What this task involves: Take the line that contains "Frame taken 2.7 s after image 1." and each one after it through the last line below, and retype them exactly. Leave out the pictures.

Source information:

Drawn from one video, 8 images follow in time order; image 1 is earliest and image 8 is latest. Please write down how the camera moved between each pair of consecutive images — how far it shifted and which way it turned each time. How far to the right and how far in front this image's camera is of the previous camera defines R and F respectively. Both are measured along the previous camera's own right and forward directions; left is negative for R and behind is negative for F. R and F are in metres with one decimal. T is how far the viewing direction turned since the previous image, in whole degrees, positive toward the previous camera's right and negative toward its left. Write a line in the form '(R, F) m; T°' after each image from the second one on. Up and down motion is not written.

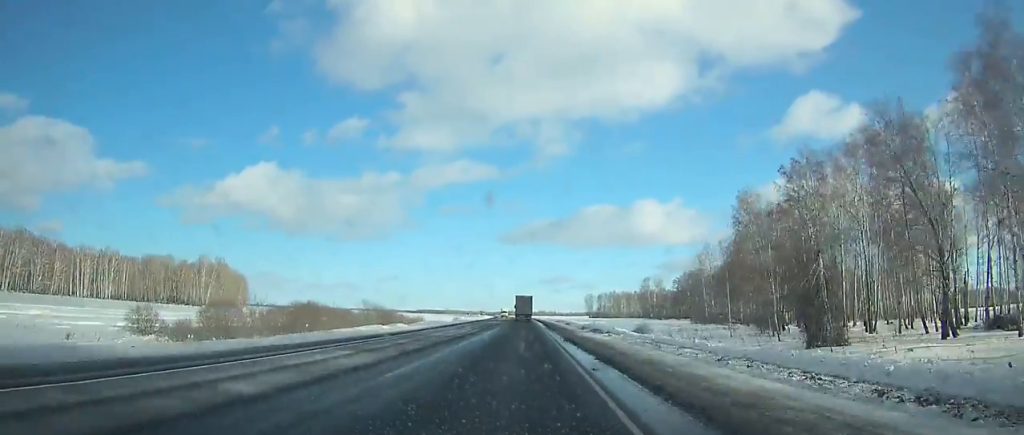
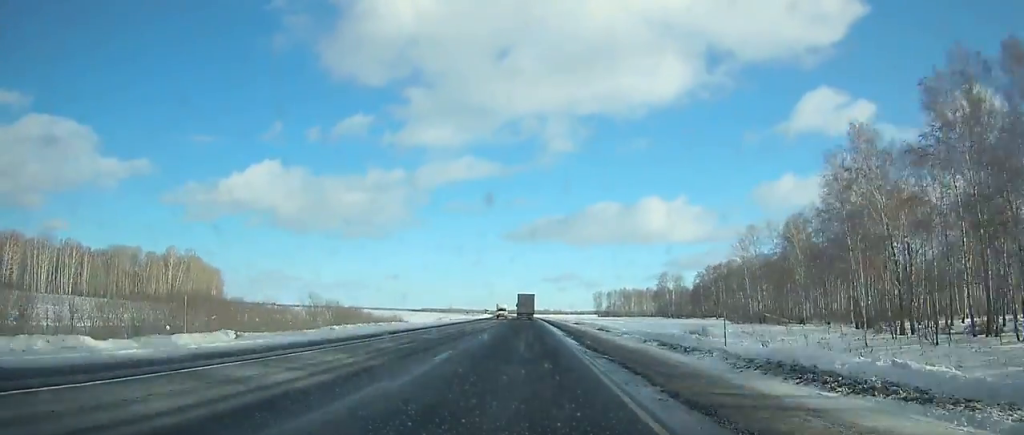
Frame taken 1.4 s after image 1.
(-0.1, +33.5) m; 0°
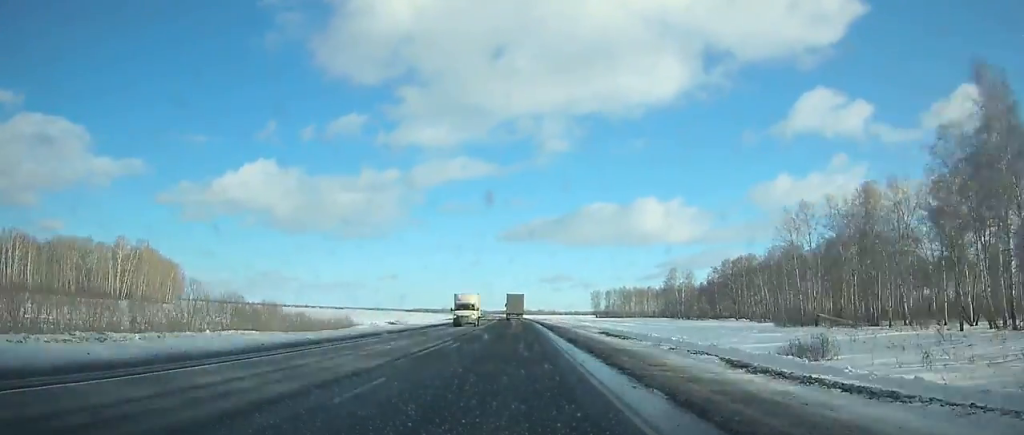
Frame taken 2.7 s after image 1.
(+0.1, +31.1) m; 0°
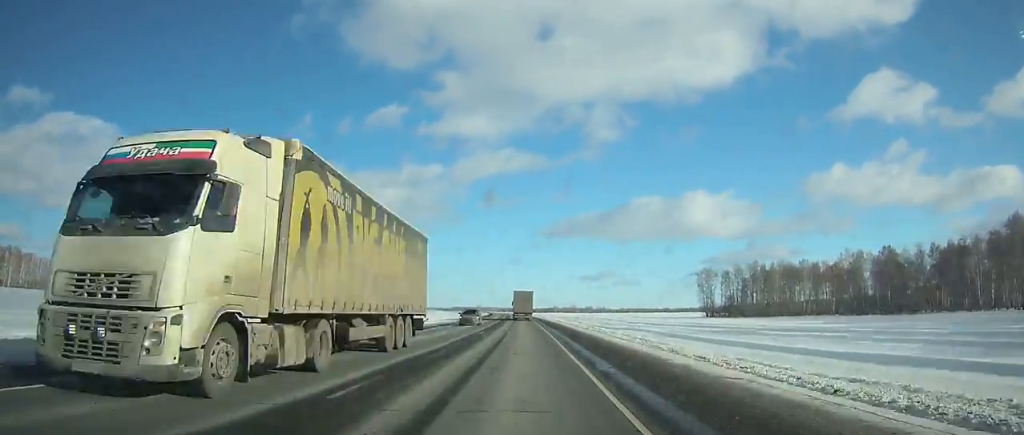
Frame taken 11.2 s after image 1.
(-6.0, +199.0) m; -4°
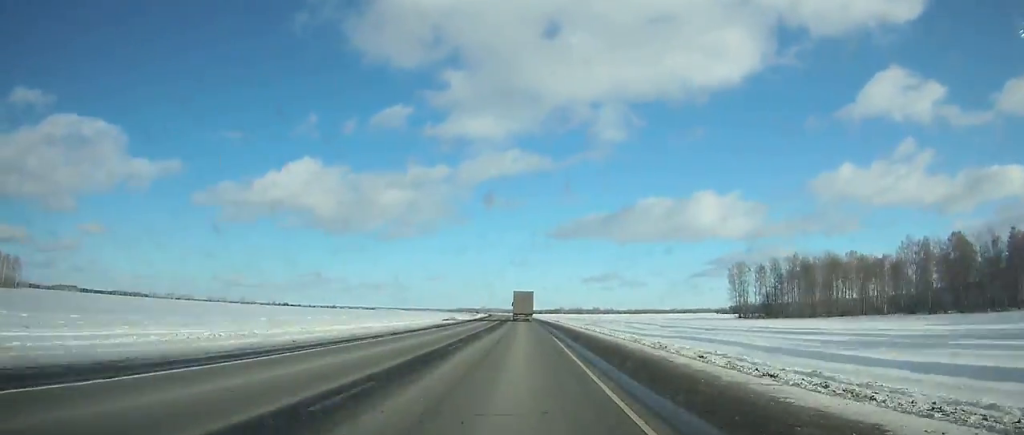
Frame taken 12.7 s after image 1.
(-0.2, +34.9) m; -1°
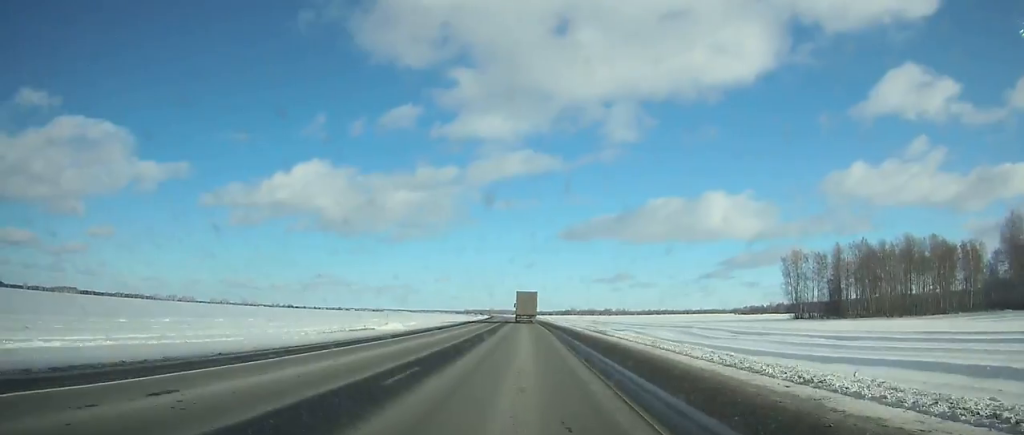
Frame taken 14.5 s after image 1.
(-0.4, +42.9) m; -1°
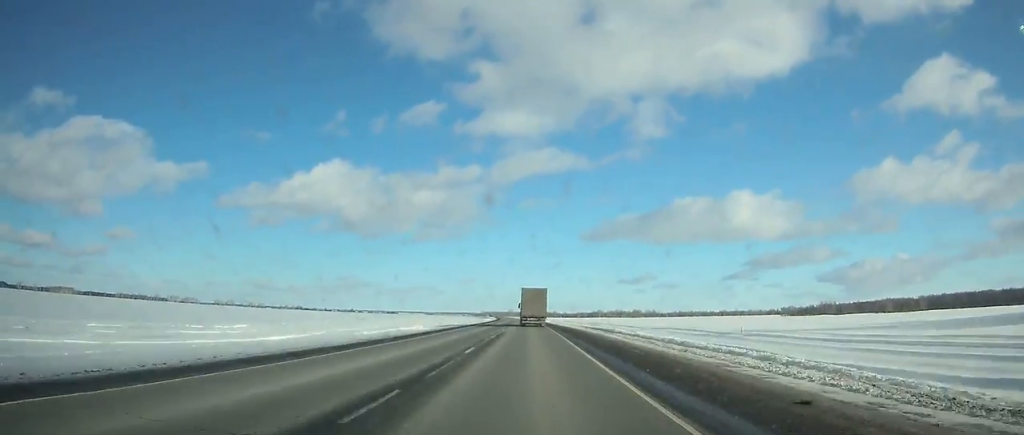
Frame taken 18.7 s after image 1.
(-1.4, +110.0) m; -2°
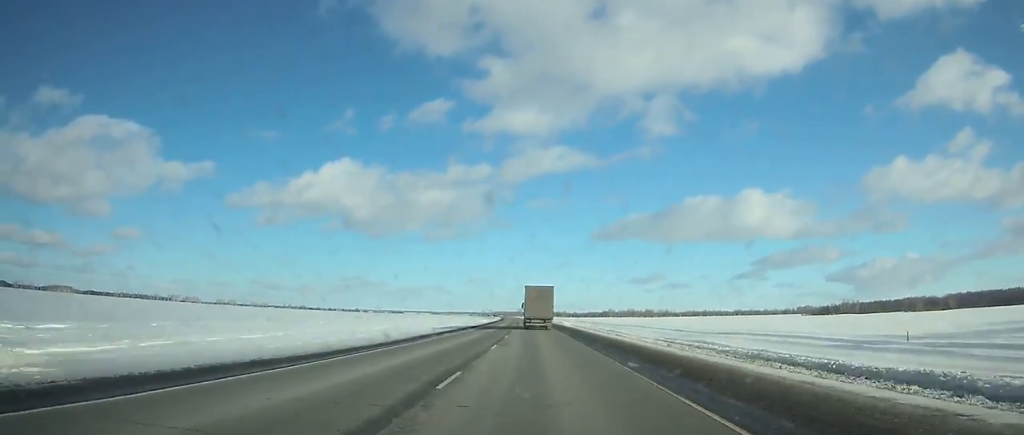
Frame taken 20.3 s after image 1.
(-0.3, +47.1) m; -1°

Response area:
Frame taken 2.7 s after image 1.
(+0.1, +31.1) m; 0°
Frame taken 11.2 s after image 1.
(-6.0, +199.0) m; -4°
Frame taken 12.7 s after image 1.
(-0.2, +34.9) m; -1°
Frame taken 14.5 s after image 1.
(-0.4, +42.9) m; -1°
Frame taken 18.7 s after image 1.
(-1.4, +110.0) m; -2°
Frame taken 20.3 s after image 1.
(-0.3, +47.1) m; -1°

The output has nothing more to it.